(Data items)
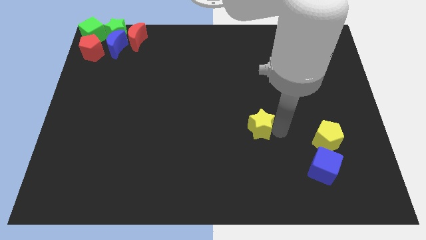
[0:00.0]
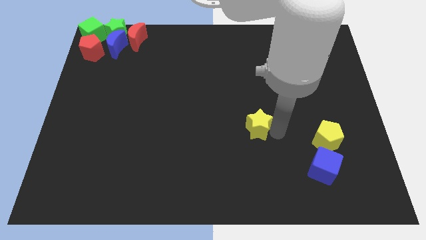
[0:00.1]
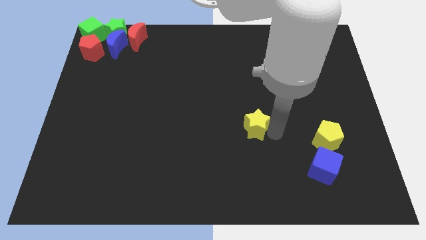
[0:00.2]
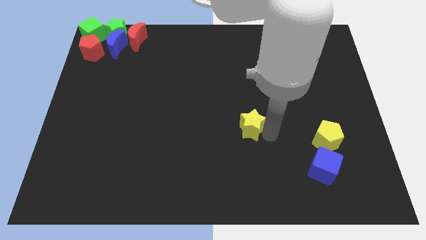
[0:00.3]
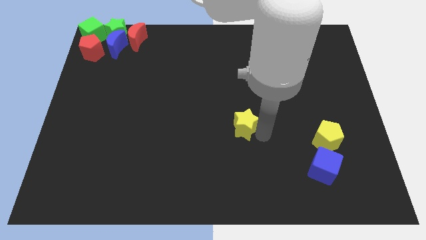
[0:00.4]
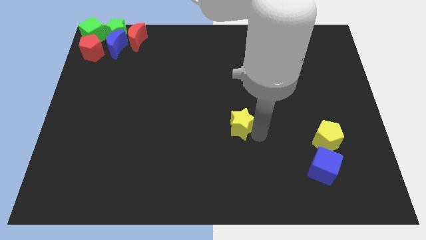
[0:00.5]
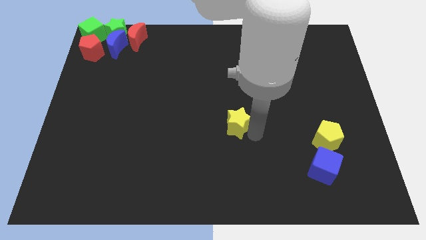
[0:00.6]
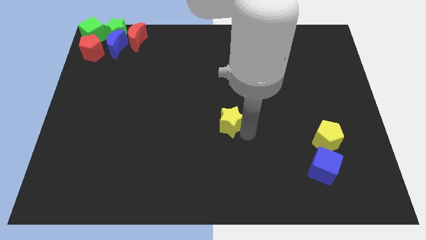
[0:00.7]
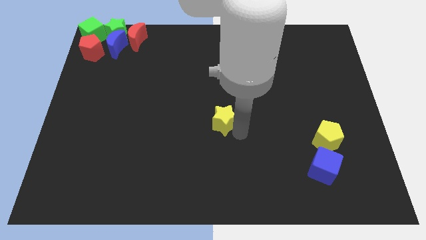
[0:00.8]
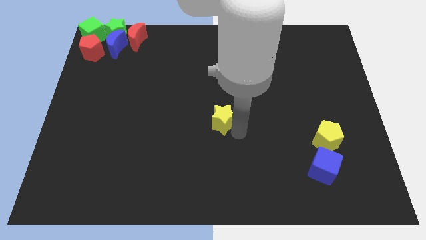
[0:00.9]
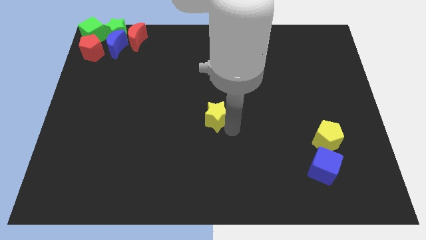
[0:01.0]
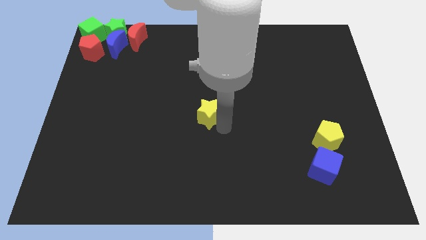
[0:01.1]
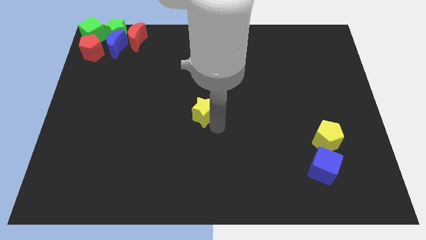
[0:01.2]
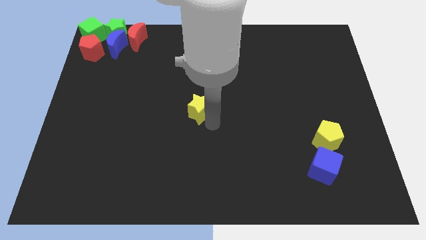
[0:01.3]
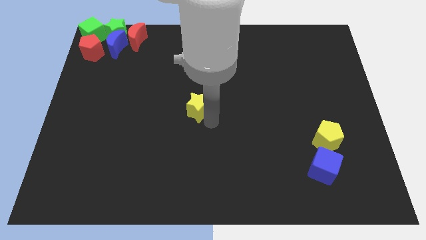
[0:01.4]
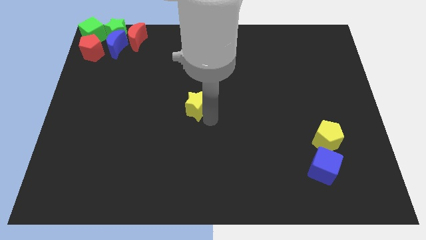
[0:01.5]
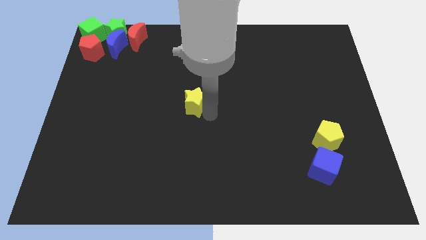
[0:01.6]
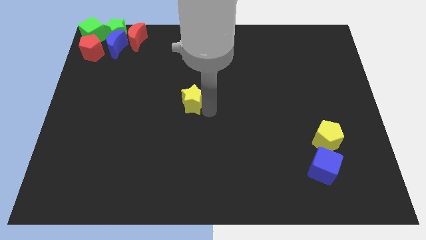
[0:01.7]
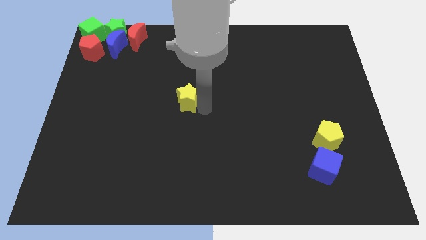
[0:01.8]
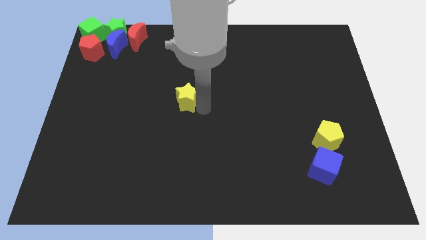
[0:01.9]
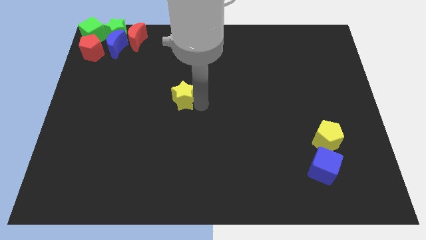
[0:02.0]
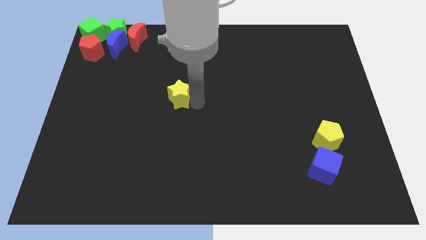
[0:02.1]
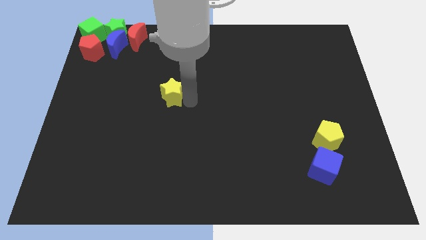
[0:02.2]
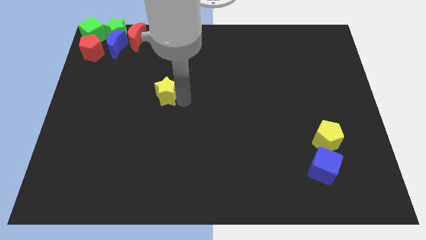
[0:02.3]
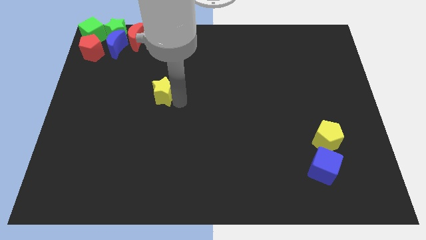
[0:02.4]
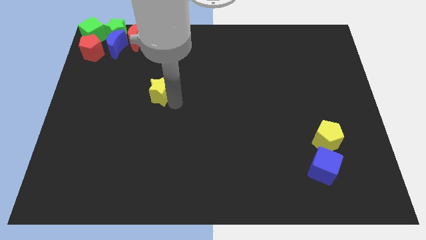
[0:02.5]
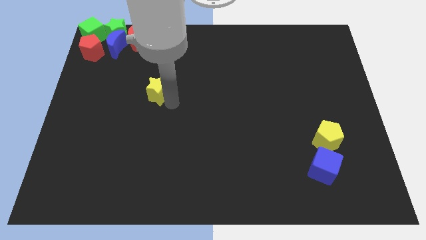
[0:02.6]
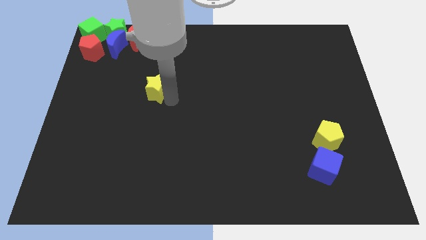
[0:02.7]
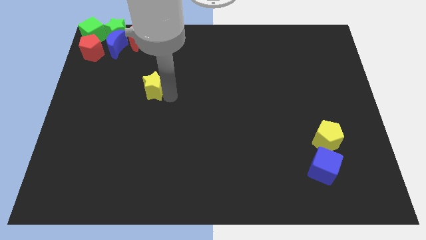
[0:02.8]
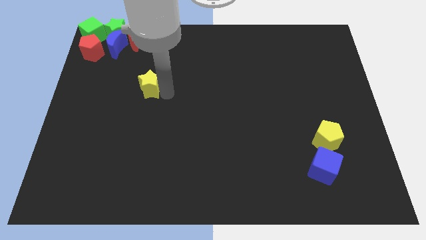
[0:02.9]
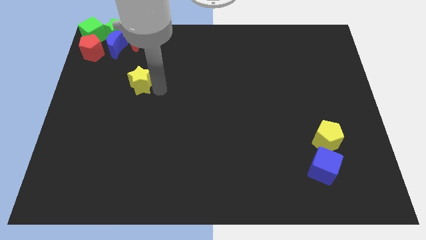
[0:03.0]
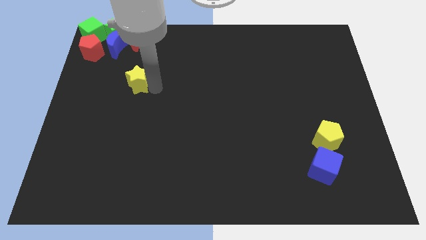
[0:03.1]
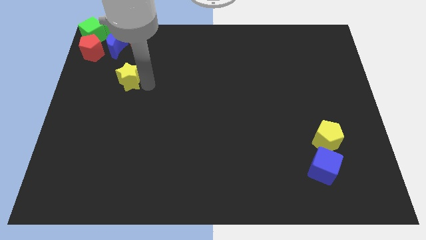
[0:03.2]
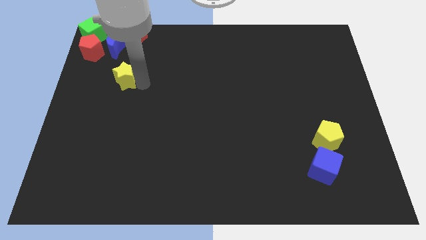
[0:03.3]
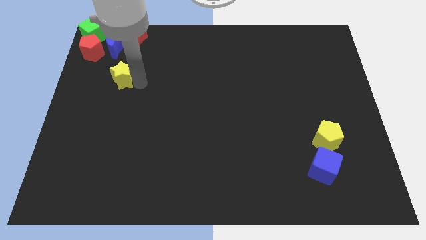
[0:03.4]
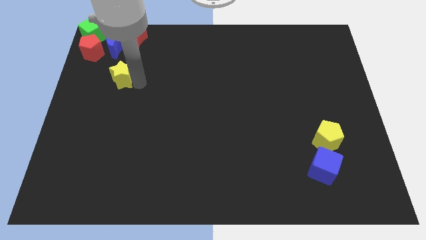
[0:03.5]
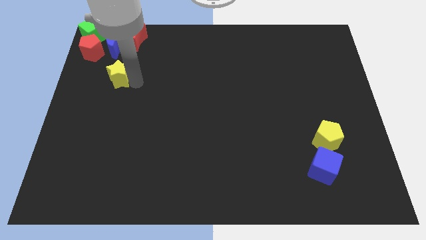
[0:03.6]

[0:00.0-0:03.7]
move the yellow star towards the red pentagon

- _Problem requirements_: Set down each of the records precisely, leaving any pictures behind.

- _Result of the exercise_:
[0:00.0]
[0:00.1]
[0:00.2]
[0:00.3]
[0:00.4]
[0:00.5]
[0:00.6]
[0:00.7]
[0:00.8]
[0:00.9]
[0:01.0]
[0:01.1]
[0:01.2]
[0:01.3]
[0:01.4]
[0:01.5]
[0:01.6]
[0:01.7]
[0:01.8]
[0:01.9]
[0:02.0]
[0:02.1]
[0:02.2]
[0:02.3]
[0:02.4]
[0:02.5]
[0:02.6]
[0:02.7]
[0:02.8]
[0:02.9]
[0:03.0]
[0:03.1]
[0:03.2]
[0:03.3]
[0:03.4]
[0:03.5]
[0:03.6]

[0:00.0-0:03.7]
move the yellow star towards the red pentagon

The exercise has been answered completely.